Teach your garden to weed itself

From an excerpt from Steven Levitt and Stephen Dubner's new book Think Like a Freak:

Van Halen's live show boasted a colossal stage, booming audio and spectacular lighting. All this required a great deal of structural support, electrical power and the like. Thus the 53-page rider, which gave point-by-point instructions to ensure that no one got killed by a collapsing stage or a short-circuiting light tower. But how could Van Halen be sure that the local promoter in each city had read the whole thing and done everything properly?

Cue the brown M&M's. As Roth tells it, he would immediately go backstage to check out the bowl of M&M's. If he saw brown ones, he knew the promoter hadn't read the rider carefully—and that "we had to do a serious line check" to make sure that the more important details hadn't been botched either.

And so it was that David Lee Roth and King Solomon both engaged in a fruitful bit of game theory—which, narrowly defined, is the art of beating your opponent by anticipating his next move.

Both men faced a similar problem: How to sift the guilty from the innocent when no one is stepping forward to profess their guilt? A person who is lying or cheating will often respond to an incentive differently than an honest person. Wouldn't it be nice if this fact could be exploited to ferret out the bad guys?

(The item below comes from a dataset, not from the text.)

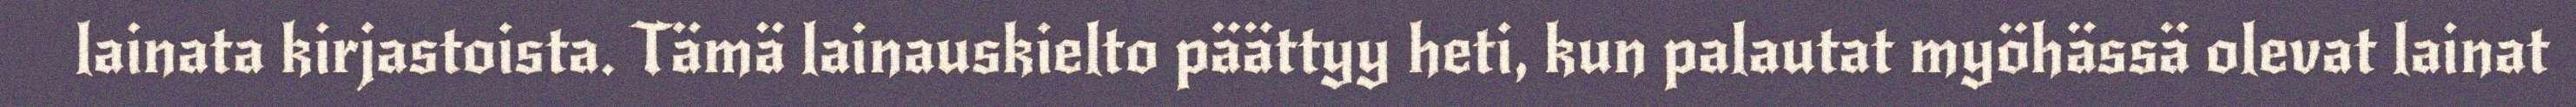
lainata kirjastoista. Tämä lainauskielto päättyy heti, kun palautat myöhässä olevat lainat

We believe it can—by tricking the guilty parties into unwittingly revealing their guilt through their own behavior. What should this trick be called? In honor of King Solomon, we'll name it as if it is a lost proverb: Teach Your Garden to Weed Itself.
 

I'd read the brown Van Halen brown M&M story before in Atul Gawande's wonderful book The Checklist Manifesto, but this excerpt contains one story I hadn't seen before, about the medieval ritual of adjudicating by some horrific ordeal.